### Task description
What is needed is a verbatim copy of the data, minus the pictures.

### Given data
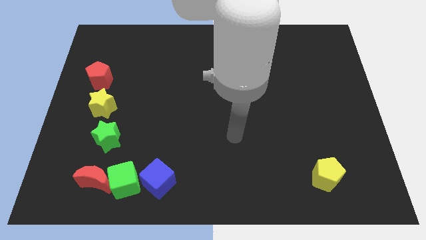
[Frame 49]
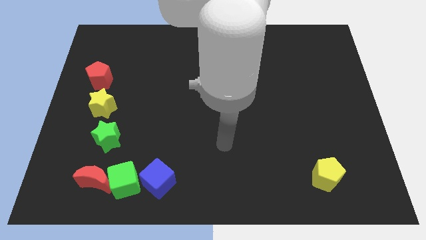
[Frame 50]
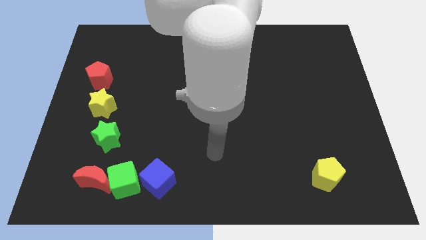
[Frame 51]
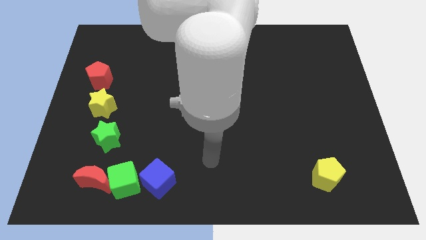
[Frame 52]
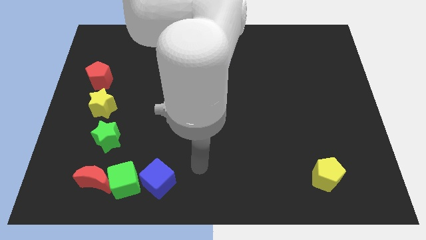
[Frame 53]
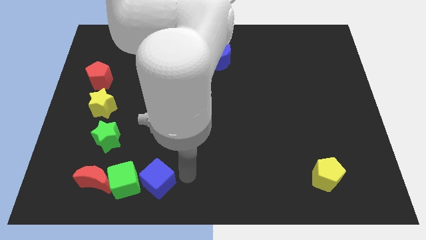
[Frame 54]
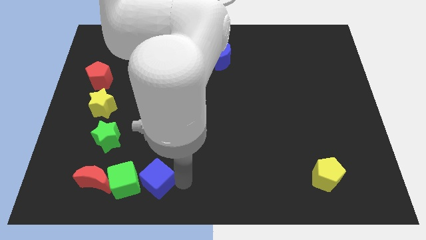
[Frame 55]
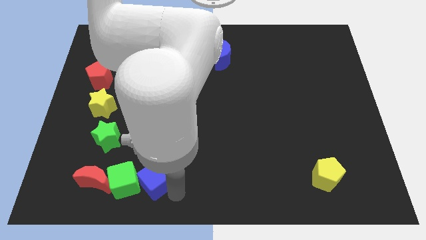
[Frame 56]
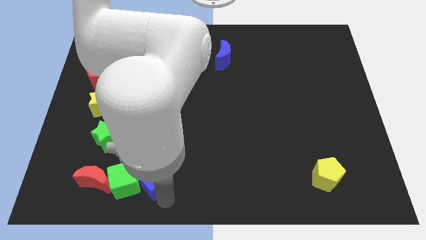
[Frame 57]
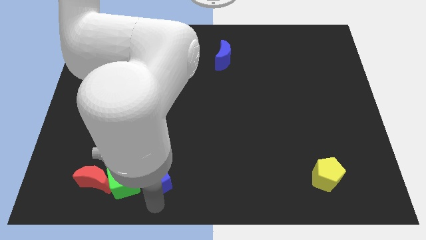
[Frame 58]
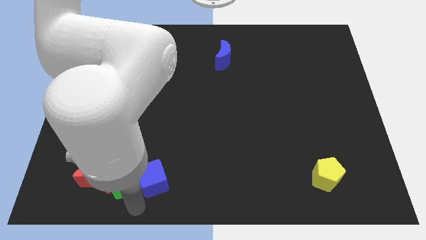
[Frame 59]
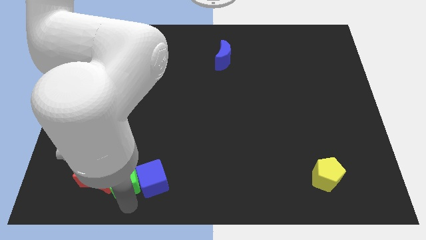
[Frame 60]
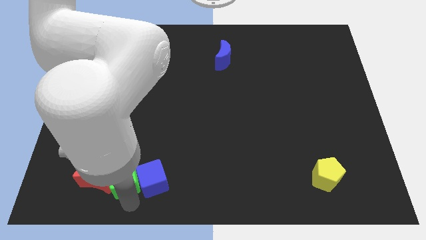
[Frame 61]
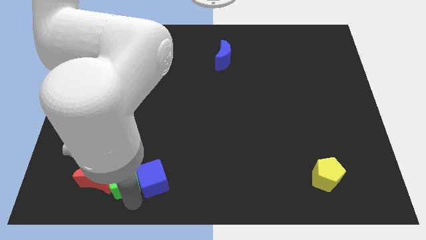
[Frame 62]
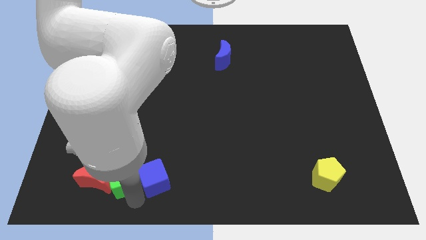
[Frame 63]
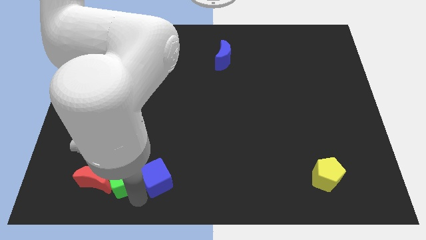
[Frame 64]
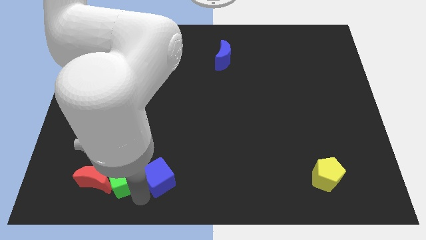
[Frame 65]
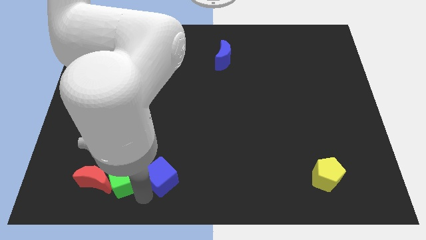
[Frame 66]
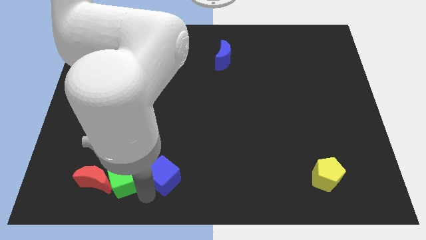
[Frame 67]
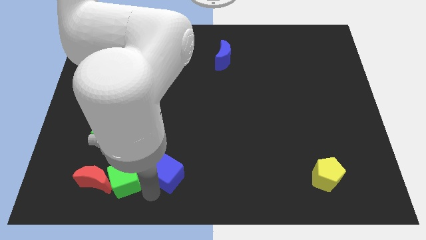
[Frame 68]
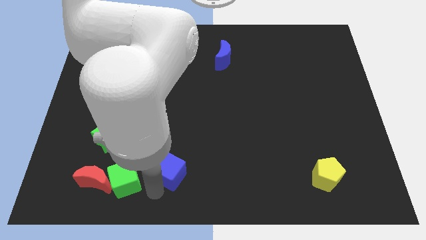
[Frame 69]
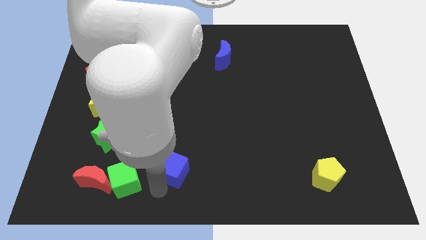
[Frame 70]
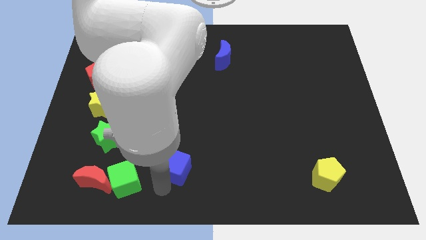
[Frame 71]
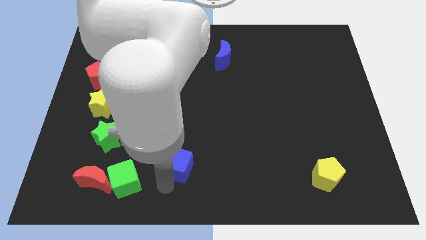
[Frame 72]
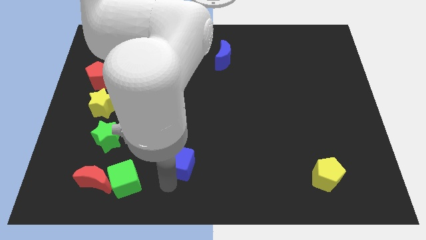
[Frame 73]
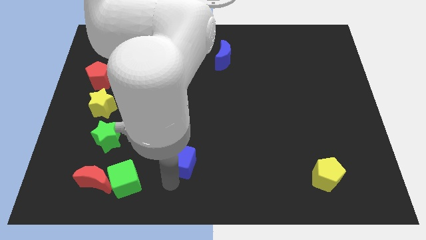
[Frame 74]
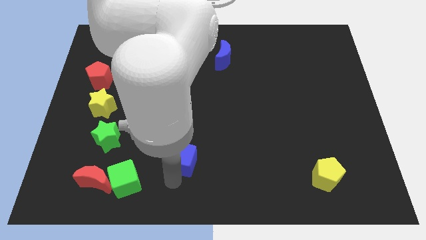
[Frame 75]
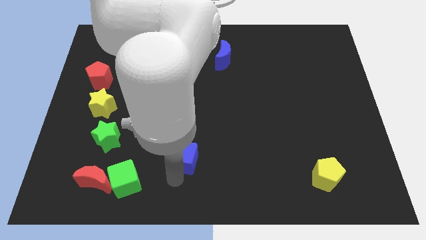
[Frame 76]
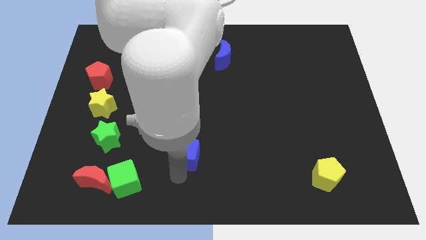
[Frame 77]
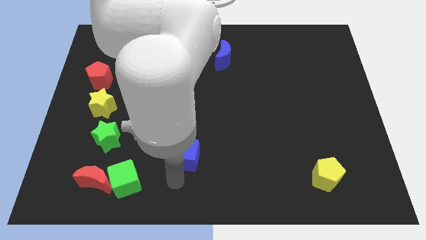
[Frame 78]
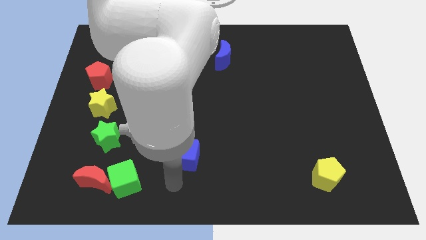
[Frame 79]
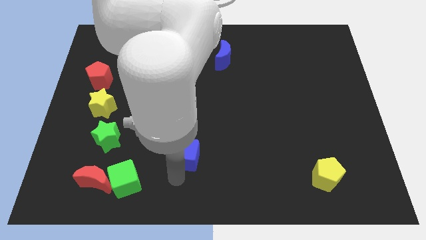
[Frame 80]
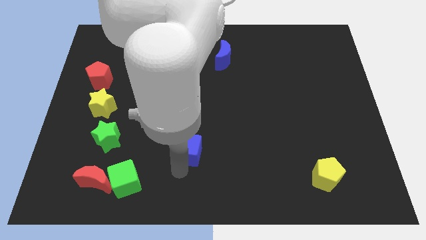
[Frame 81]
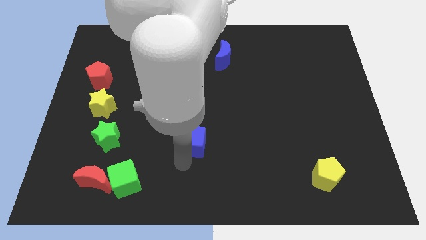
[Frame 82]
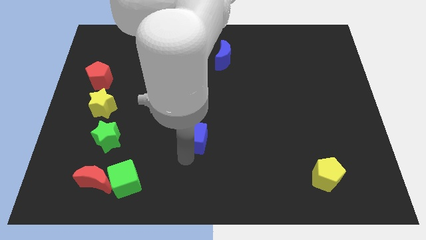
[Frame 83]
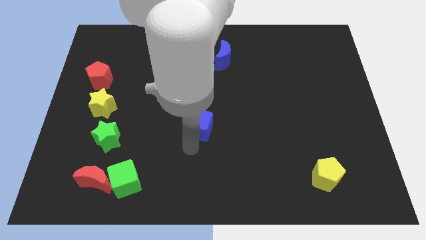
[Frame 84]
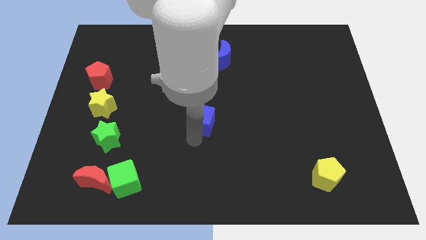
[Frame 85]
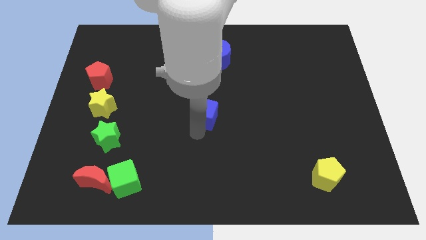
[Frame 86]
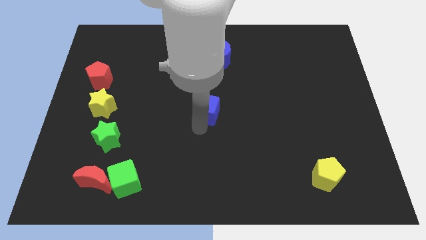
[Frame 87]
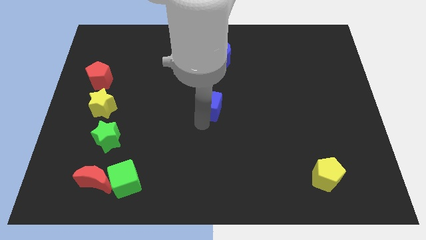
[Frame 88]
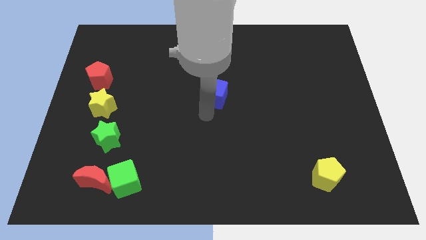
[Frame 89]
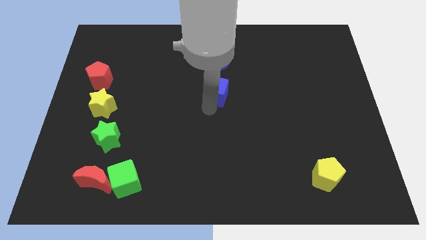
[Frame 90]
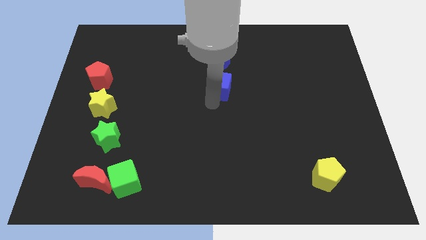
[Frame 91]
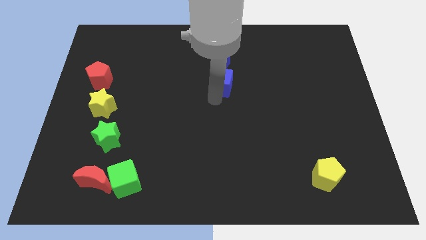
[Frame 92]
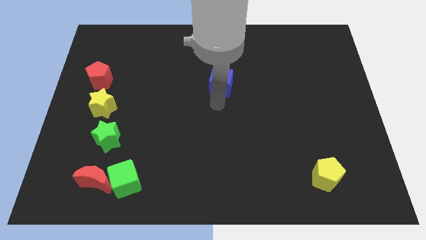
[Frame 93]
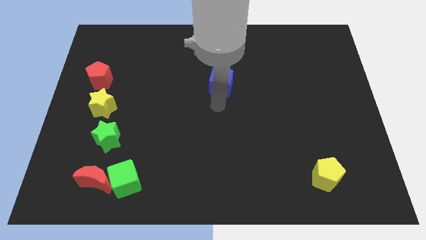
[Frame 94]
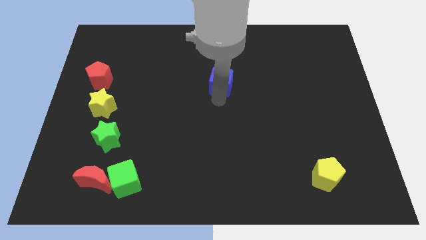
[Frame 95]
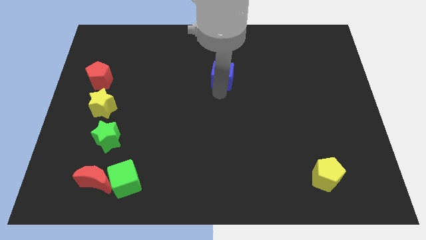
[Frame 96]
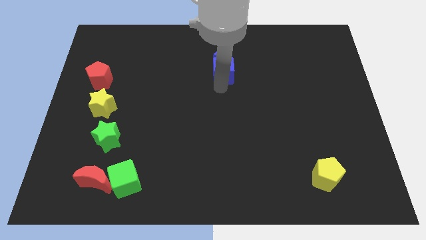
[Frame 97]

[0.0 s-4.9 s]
slide the blue cube to the blue moon

### Response to this exercise
[Frame 49]
[Frame 50]
[Frame 51]
[Frame 52]
[Frame 53]
[Frame 54]
[Frame 55]
[Frame 56]
[Frame 57]
[Frame 58]
[Frame 59]
[Frame 60]
[Frame 61]
[Frame 62]
[Frame 63]
[Frame 64]
[Frame 65]
[Frame 66]
[Frame 67]
[Frame 68]
[Frame 69]
[Frame 70]
[Frame 71]
[Frame 72]
[Frame 73]
[Frame 74]
[Frame 75]
[Frame 76]
[Frame 77]
[Frame 78]
[Frame 79]
[Frame 80]
[Frame 81]
[Frame 82]
[Frame 83]
[Frame 84]
[Frame 85]
[Frame 86]
[Frame 87]
[Frame 88]
[Frame 89]
[Frame 90]
[Frame 91]
[Frame 92]
[Frame 93]
[Frame 94]
[Frame 95]
[Frame 96]
[Frame 97]

[0.0 s-4.9 s]
slide the blue cube to the blue moon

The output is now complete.